I know of several places (LMAX included, per @mikeb01's comment) that run it in production in very latency sensitive environments. The fact that jHiccup (with a control jHiccup log) allows you to reconstruct a hiccup distribution for any time range in the past makes it a very useful triage tool for isolating or ruling out parts of the system as causes of experienced glitches (e.g. was it the system as a whole that glitched, the JVM that glitched, or the actual application code/network that showed delays?).
However, it's important to note that jHiccup will probably not directly provide you with what you say you are looking for below: It's not a means for measuring latency, it's a means for measuring the disruption of execution in your platform. As such it can tell you what the best possible latency behavior you would have had is (if all processing paths had no latency at all and only glitches observed at the JVM or system level caused latency). You can think of jHiccup as a "best case" latency indicator: It provides a good sanity check for other metrics, as anything reporting better latency distribution (i.e. lower magnitudes at given percentiles) than jHiccup reports likely has a measurement problem. It is also good triage tool (figure out if latency behavior is caused/dominated by hiccups or by you code or network) and overall monitoring tool (see if your system or JVM is glitching, rather than wait for those glitches to hit you hard with actual transactions).
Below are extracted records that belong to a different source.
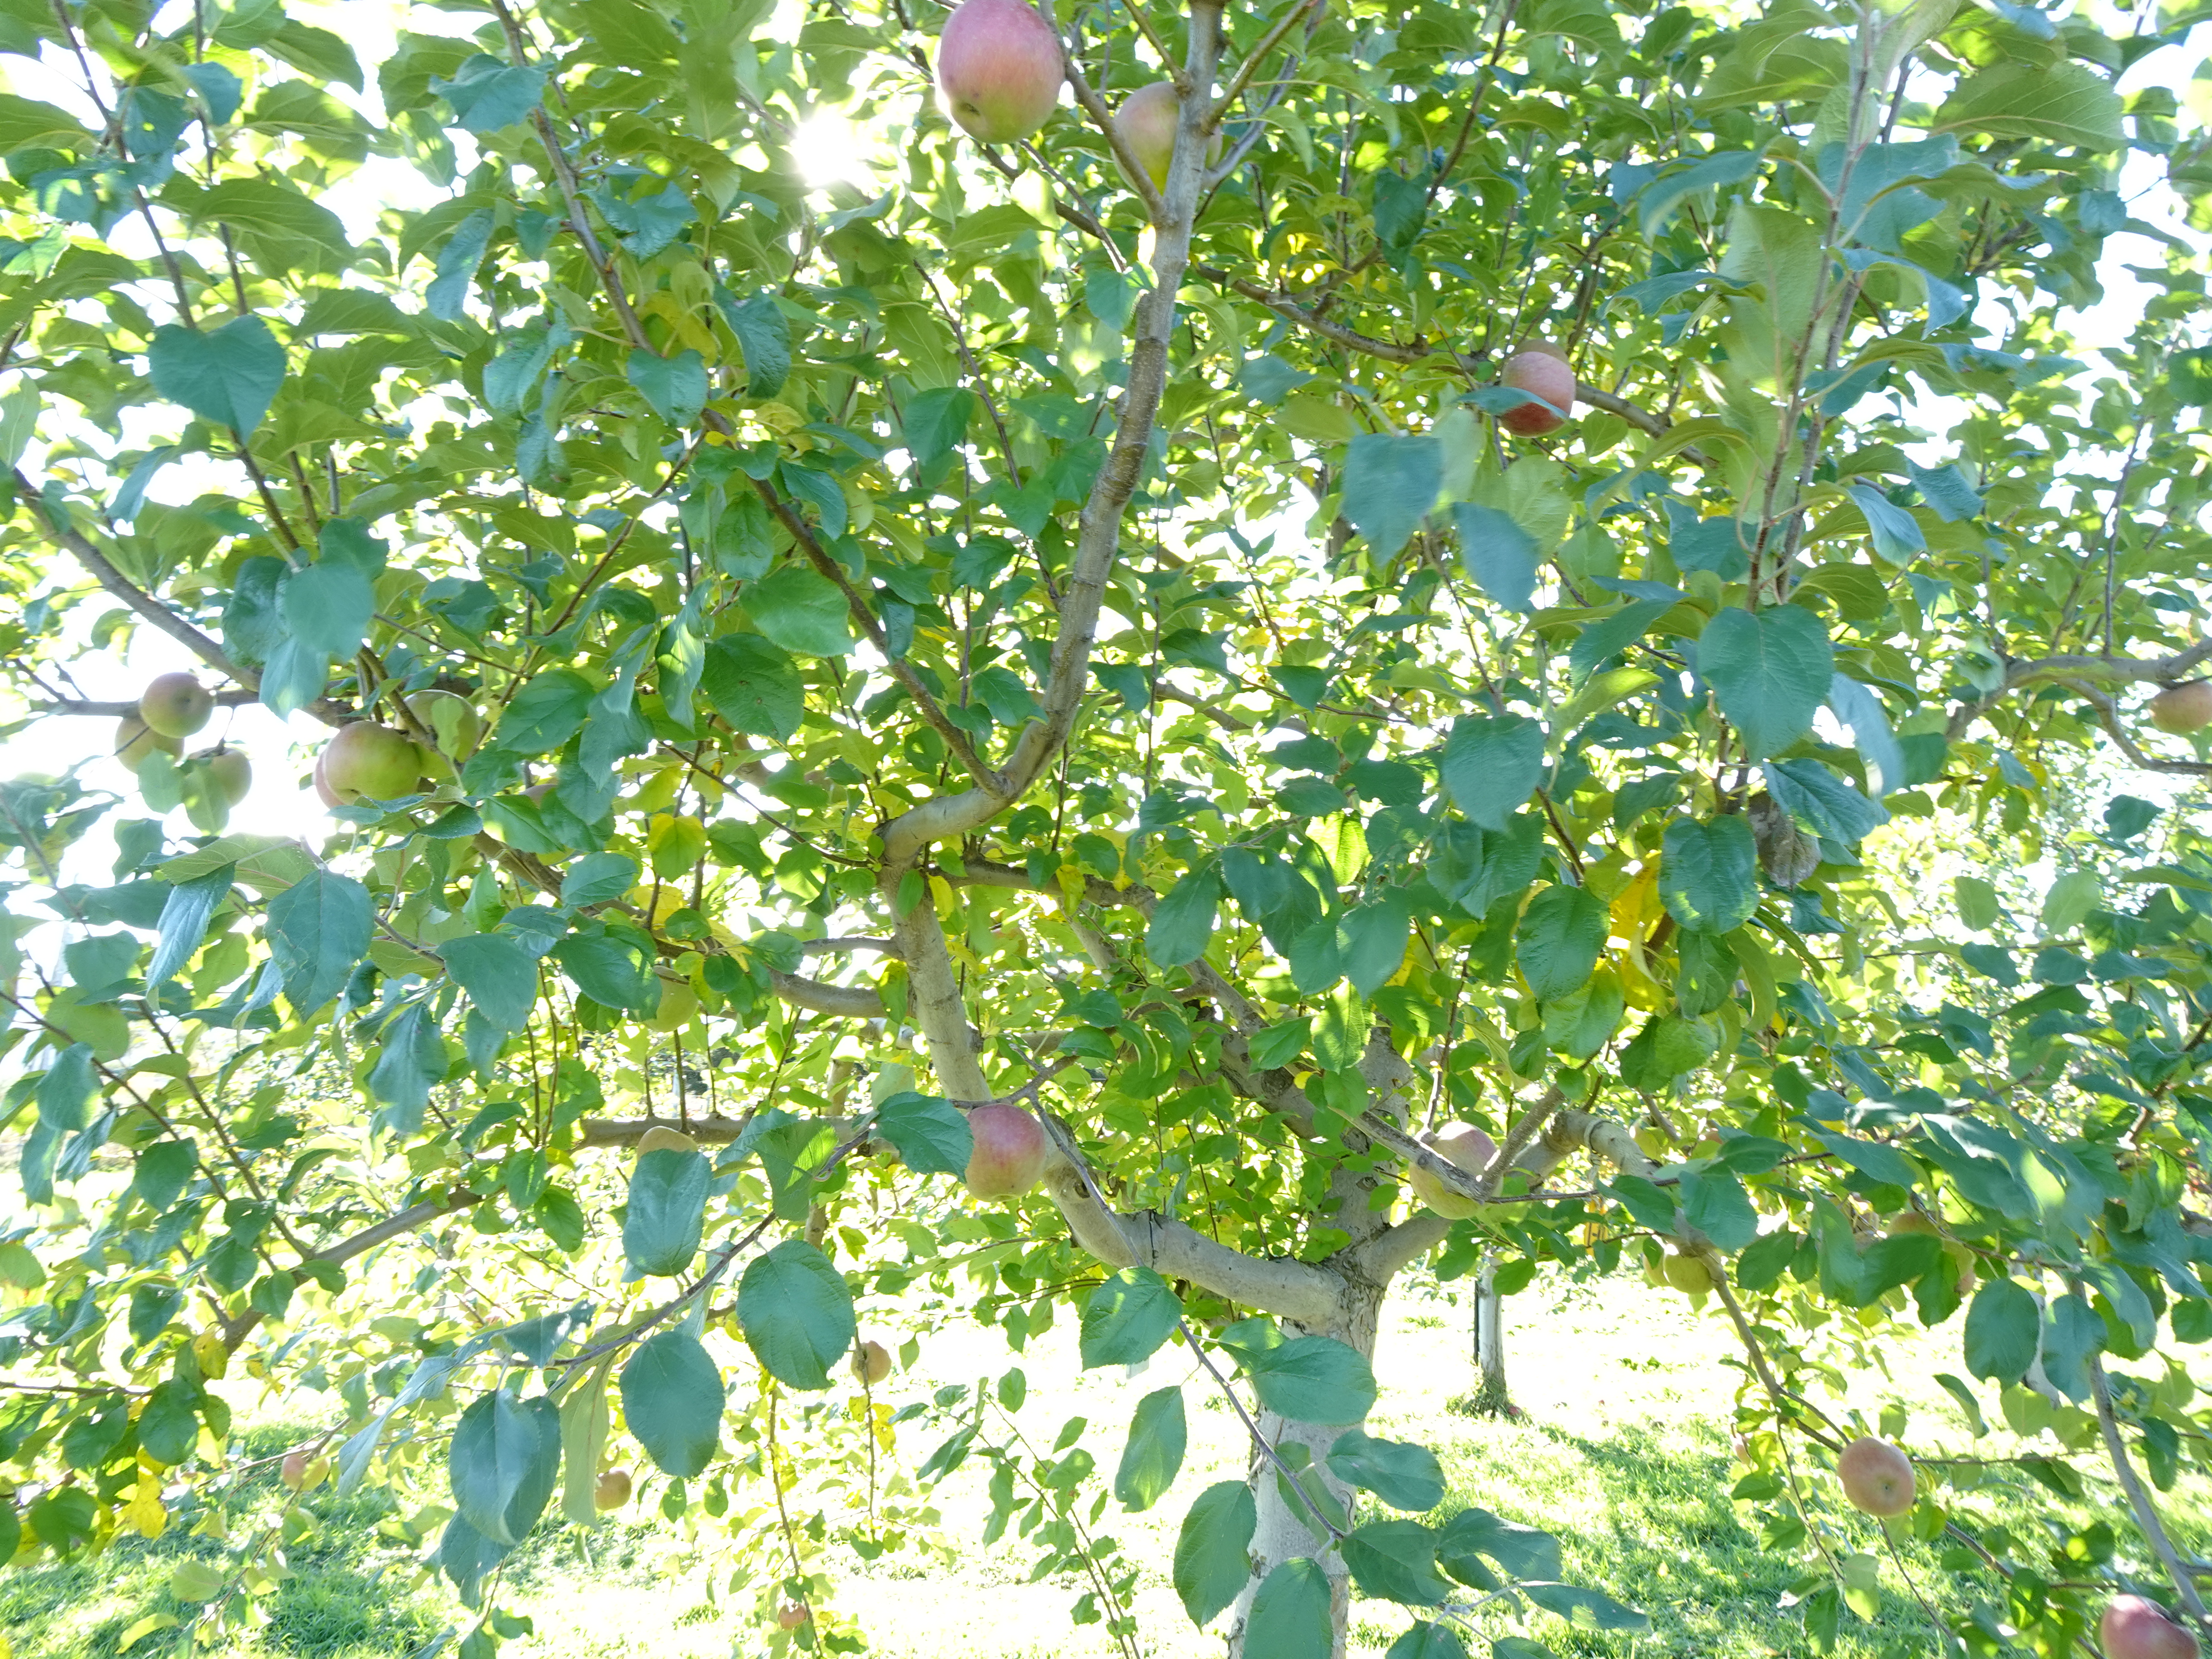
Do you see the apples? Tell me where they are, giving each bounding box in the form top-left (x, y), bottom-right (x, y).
top-left (850, 1340), bottom-right (892, 1384)
top-left (987, 925), bottom-right (1029, 971)
top-left (2101, 1592), bottom-right (2205, 1659)
top-left (1885, 1210), bottom-right (1947, 1270)
top-left (1115, 80), bottom-right (1223, 202)
top-left (2147, 679), bottom-right (2212, 735)
top-left (1545, 1178), bottom-right (1567, 1198)
top-left (322, 720), bottom-right (422, 811)
top-left (1393, 532), bottom-right (1421, 563)
top-left (1327, 537), bottom-right (1364, 567)
top-left (1697, 1126), bottom-right (1737, 1168)
top-left (1850, 1128), bottom-right (1868, 1150)
top-left (589, 1467), bottom-right (634, 1512)
top-left (313, 748), bottom-right (390, 821)
top-left (139, 671), bottom-right (216, 740)
top-left (1662, 1236), bottom-right (1725, 1297)
top-left (1407, 1121), bottom-right (1505, 1221)
top-left (1633, 1113), bottom-right (1678, 1156)
top-left (634, 965), bottom-right (699, 1034)
top-left (1511, 338), bottom-right (1572, 396)
top-left (1939, 1258), bottom-right (1978, 1298)
top-left (1302, 0), bottom-right (1327, 25)
top-left (513, 785), bottom-right (585, 866)
top-left (1498, 351), bottom-right (1576, 437)
top-left (1850, 1231), bottom-right (1883, 1270)
top-left (1853, 1208), bottom-right (1881, 1234)
top-left (1825, 1164), bottom-right (1835, 1174)
top-left (1642, 1240), bottom-right (1690, 1289)
top-left (2187, 1178), bottom-right (2202, 1195)
top-left (1240, 669), bottom-right (1266, 691)
top-left (801, 768), bottom-right (848, 810)
top-left (1835, 1435), bottom-right (1918, 1519)
top-left (1011, 690), bottom-right (1047, 727)
top-left (777, 1602), bottom-right (807, 1633)
top-left (394, 691), bottom-right (482, 779)
top-left (2185, 1150), bottom-right (2201, 1162)
top-left (1176, 1054), bottom-right (1219, 1092)
top-left (935, 0), bottom-right (1067, 144)
top-left (1219, 1209), bottom-right (1245, 1239)
top-left (634, 1125), bottom-right (701, 1186)
top-left (182, 746), bottom-right (252, 809)
top-left (484, 1315), bottom-right (510, 1343)
top-left (165, 1471), bottom-right (208, 1512)
top-left (115, 713), bottom-right (185, 779)
top-left (281, 1441), bottom-right (330, 1493)
top-left (959, 1102), bottom-right (1049, 1203)
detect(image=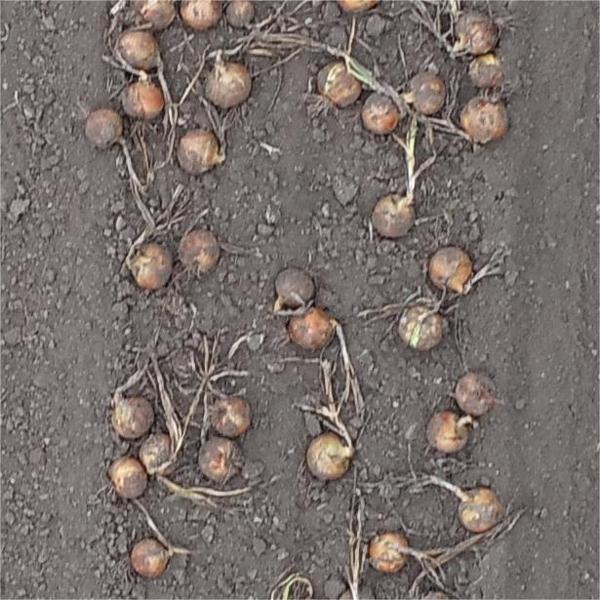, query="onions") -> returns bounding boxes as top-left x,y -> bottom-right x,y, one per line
405,70 -> 444,112
287,306 -> 331,348
106,457 -> 147,496
209,396 -> 248,437
456,487 -> 499,532
202,60 -> 248,106
426,246 -> 471,289
400,305 -> 445,348
181,2 -> 218,30
455,373 -> 494,414
371,193 -> 413,236
111,396 -> 150,437
319,62 -> 361,106
178,229 -> 218,272
198,438 -> 240,479
467,53 -> 503,89
127,239 -> 171,286
227,0 -> 255,29
359,93 -> 399,132
337,0 -> 376,15
427,410 -> 467,450
469,52 -> 503,71
118,29 -> 157,68
367,531 -> 410,572
456,11 -> 497,51
306,433 -> 350,477
142,0 -> 175,32
458,96 -> 504,141
138,432 -> 172,469
130,536 -> 167,576
177,128 -> 221,171
120,80 -> 165,119
275,266 -> 312,307
84,109 -> 123,148
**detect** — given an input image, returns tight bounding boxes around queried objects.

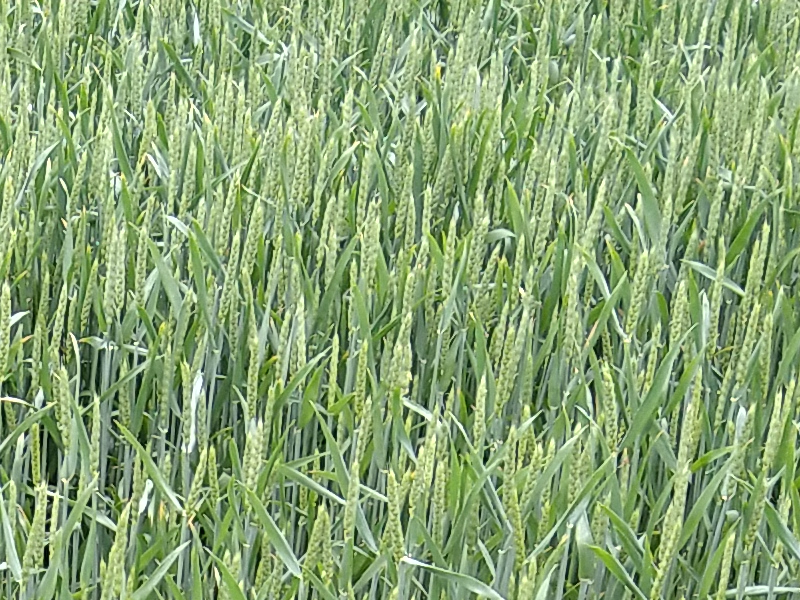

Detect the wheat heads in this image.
[71,0,81,24]
[0,284,12,379]
[431,145,449,214]
[17,35,22,76]
[388,468,407,565]
[664,133,679,201]
[240,197,260,272]
[619,447,631,502]
[746,171,763,222]
[676,15,688,73]
[214,183,224,249]
[2,177,14,226]
[731,8,738,59]
[361,199,376,279]
[753,82,768,149]
[144,196,156,230]
[545,5,551,25]
[659,54,677,96]
[318,21,327,54]
[645,323,661,395]
[393,162,415,239]
[379,469,411,552]
[223,553,240,600]
[292,45,304,116]
[328,334,339,410]
[503,576,514,600]
[380,332,394,381]
[462,126,468,182]
[485,51,496,108]
[588,503,602,542]
[323,38,331,107]
[356,152,369,234]
[412,241,428,297]
[439,325,451,375]
[567,422,584,505]
[231,78,245,176]
[94,131,114,200]
[611,159,625,205]
[23,2,32,58]
[716,369,734,427]
[341,89,353,148]
[632,356,637,374]
[402,345,413,393]
[668,401,680,445]
[307,0,316,35]
[735,304,760,383]
[218,550,231,600]
[511,488,528,569]
[748,144,756,182]
[37,119,44,154]
[10,4,21,51]
[254,459,280,521]
[703,179,723,261]
[574,168,581,212]
[394,312,411,354]
[669,281,686,349]
[380,0,396,37]
[335,22,345,60]
[122,359,132,426]
[58,0,66,50]
[386,345,404,416]
[324,513,333,577]
[686,52,698,89]
[780,68,797,126]
[134,56,143,118]
[99,559,106,588]
[477,141,490,198]
[52,349,63,430]
[778,0,788,26]
[444,121,465,202]
[462,0,483,66]
[271,119,283,198]
[409,375,419,421]
[777,25,789,77]
[370,28,385,87]
[100,7,106,32]
[3,392,17,435]
[354,338,369,418]
[308,449,322,504]
[87,121,104,193]
[514,575,529,600]
[246,20,258,103]
[493,159,506,224]
[571,258,580,274]
[494,47,503,93]
[17,338,24,389]
[422,107,432,173]
[166,170,177,221]
[529,555,538,600]
[242,267,257,335]
[189,198,208,267]
[498,31,508,50]
[35,480,49,564]
[466,195,484,278]
[630,510,641,534]
[463,66,476,113]
[69,150,87,212]
[60,364,72,451]
[660,0,670,43]
[253,560,264,593]
[186,450,208,518]
[229,284,238,365]
[40,314,49,345]
[553,4,562,30]
[401,93,417,165]
[251,71,261,113]
[81,259,99,331]
[218,232,240,325]
[176,82,188,142]
[209,445,219,503]
[749,80,755,112]
[46,89,55,141]
[288,35,297,90]
[23,508,40,579]
[205,126,214,185]
[774,492,792,564]
[134,0,143,38]
[366,217,383,294]
[680,1,688,23]
[395,147,403,197]
[286,116,295,172]
[527,217,536,243]
[521,146,538,208]
[176,6,186,62]
[83,65,90,98]
[131,173,146,219]
[32,324,41,388]
[713,39,731,119]
[216,73,227,132]
[312,153,328,219]
[425,437,436,486]
[761,130,773,192]
[31,422,41,485]
[608,5,618,57]
[359,83,366,104]
[246,156,258,205]
[705,120,719,198]
[260,99,280,165]
[785,103,797,143]
[791,82,800,163]
[637,53,649,133]
[473,374,490,453]
[289,338,298,377]
[169,1,176,40]
[52,33,59,67]
[784,157,793,208]
[0,63,11,120]
[730,131,752,211]
[56,108,63,131]
[81,589,87,600]
[305,46,314,112]
[429,50,436,94]
[29,136,35,172]
[728,84,736,156]
[503,423,518,513]
[758,0,766,33]
[219,170,237,254]
[424,403,438,454]
[795,49,800,68]
[244,420,266,507]
[346,578,358,600]
[574,68,582,93]
[691,367,701,416]
[717,532,736,600]
[669,231,698,314]
[131,448,142,523]
[519,444,546,510]
[219,22,229,68]
[297,295,307,390]
[756,312,774,395]
[221,72,233,154]
[265,236,284,303]
[8,480,16,535]
[522,355,533,406]
[471,215,490,283]
[397,249,404,276]
[26,208,36,282]
[558,6,570,39]
[740,0,752,41]
[118,364,123,423]
[441,215,457,297]
[406,196,416,261]
[787,19,800,74]
[760,164,777,189]
[511,232,524,312]
[299,464,307,509]
[44,2,51,19]
[486,186,494,211]
[789,0,796,22]
[480,78,487,113]
[744,478,769,548]
[493,328,515,415]
[541,436,556,504]
[385,269,395,305]
[645,76,655,125]
[569,94,581,127]
[261,532,270,584]
[277,253,290,302]
[126,565,135,596]
[127,121,133,145]
[627,369,644,416]
[172,287,194,379]
[659,499,675,562]
[580,414,604,473]
[494,298,511,364]
[103,229,117,325]
[684,306,695,370]
[348,259,358,326]
[141,466,148,490]
[524,266,535,310]
[147,158,153,179]
[744,239,758,327]
[558,136,571,190]
[433,460,445,555]
[203,59,209,77]
[102,191,115,246]
[465,493,479,556]
[539,54,550,84]
[753,220,771,303]
[293,3,300,37]
[163,453,172,488]
[214,0,221,31]
[621,586,632,600]
[673,460,691,515]
[650,521,682,600]
[70,41,76,65]
[436,386,455,462]
[109,0,117,25]
[117,71,128,127]
[0,25,5,97]
[261,165,271,200]
[778,204,788,247]
[586,15,602,73]
[534,161,557,256]
[317,196,335,260]
[66,293,77,362]
[648,27,656,74]
[25,63,35,104]
[673,137,702,224]
[602,362,620,458]
[704,68,717,118]
[334,179,344,237]
[190,129,197,146]
[119,12,128,56]
[710,2,721,52]
[37,270,50,324]
[197,390,209,452]
[367,126,378,169]
[523,59,537,135]
[328,0,343,58]
[592,105,613,177]
[449,33,466,105]
[260,9,269,35]
[433,306,444,346]
[181,361,191,443]
[89,89,98,125]
[573,14,585,66]
[656,195,673,272]
[724,313,736,360]
[610,59,618,100]
[393,41,418,109]
[733,82,746,119]
[584,14,597,63]
[402,273,416,323]
[8,123,23,182]
[512,47,520,81]
[90,394,100,475]
[313,97,325,152]
[725,406,757,494]
[470,27,486,66]
[191,339,205,381]
[231,579,244,600]
[209,0,215,32]
[271,531,286,598]
[618,403,632,443]
[669,21,676,45]
[78,45,82,73]
[485,106,501,178]
[198,0,208,35]
[48,490,58,559]
[208,62,215,98]
[625,250,650,339]
[377,35,393,87]
[324,138,336,178]
[534,19,550,88]
[616,83,631,154]
[144,14,159,83]
[97,85,115,133]
[20,86,29,162]
[706,264,723,360]
[169,128,180,170]
[558,64,569,93]
[301,150,309,207]
[98,543,118,600]
[473,113,488,164]
[432,133,438,163]
[728,4,741,25]
[136,225,144,314]
[718,236,726,264]
[76,471,86,522]
[207,204,215,241]
[113,498,131,597]
[722,84,730,156]
[769,9,777,36]
[624,5,634,52]
[495,92,503,109]
[164,73,175,132]
[239,430,253,489]
[456,0,468,31]
[583,249,597,303]
[311,283,321,320]
[444,48,455,87]
[597,57,608,104]
[629,195,643,279]
[581,82,592,115]
[506,310,530,385]
[409,445,424,510]
[204,112,213,133]
[762,388,782,468]
[422,186,432,238]
[41,251,48,284]
[246,208,264,274]
[692,17,708,82]
[750,65,759,117]
[766,133,777,198]
[554,93,568,149]
[795,335,800,408]
[575,189,590,241]
[115,227,126,310]
[644,246,656,291]
[450,0,458,25]
[350,21,357,81]
[537,499,549,544]
[412,48,423,81]
[325,227,336,283]
[678,404,695,462]
[192,39,202,75]
[573,322,582,377]
[619,153,634,186]
[564,274,577,362]
[336,411,345,450]
[176,194,187,246]
[599,493,611,548]
[103,51,112,96]
[740,92,750,128]
[780,377,795,435]
[78,0,87,30]
[736,300,746,351]
[476,241,502,307]
[9,229,17,267]
[247,335,259,421]
[262,386,275,460]
[606,210,625,263]
[42,21,51,69]
[644,163,654,185]
[657,27,662,57]
[303,504,327,579]
[400,417,411,470]
[343,460,360,539]
[528,424,537,460]
[581,177,606,267]
[664,0,677,43]
[292,264,301,302]
[314,0,326,23]
[273,186,285,247]
[517,404,531,464]
[50,280,69,355]
[182,143,198,207]
[64,0,71,48]
[167,304,173,342]
[424,264,438,334]
[533,150,551,213]
[481,28,495,61]
[138,99,155,163]
[290,122,312,204]
[618,77,627,106]
[503,112,511,134]
[242,107,251,156]
[691,0,703,31]
[161,343,171,431]
[721,212,730,239]
[275,308,291,379]
[355,394,373,463]
[537,105,554,168]
[684,87,692,151]

If what you want to do is analyze the latency on market data delivery sources, you can use HdrHistogram to record those latencies in much the way jHiccup uses it to record observed "time to do nothing" latencies. since jHiccup is ~700 lines of code (half of which is a big comment and argument parsing code), it serves as a good, simple example of how to do latency recording using HdrHistogram. You can record and produce similar histogram logs for your market data latencies, and plot them with the same tools and format as jHiccup uses to depict latency distribution by percentile and over time.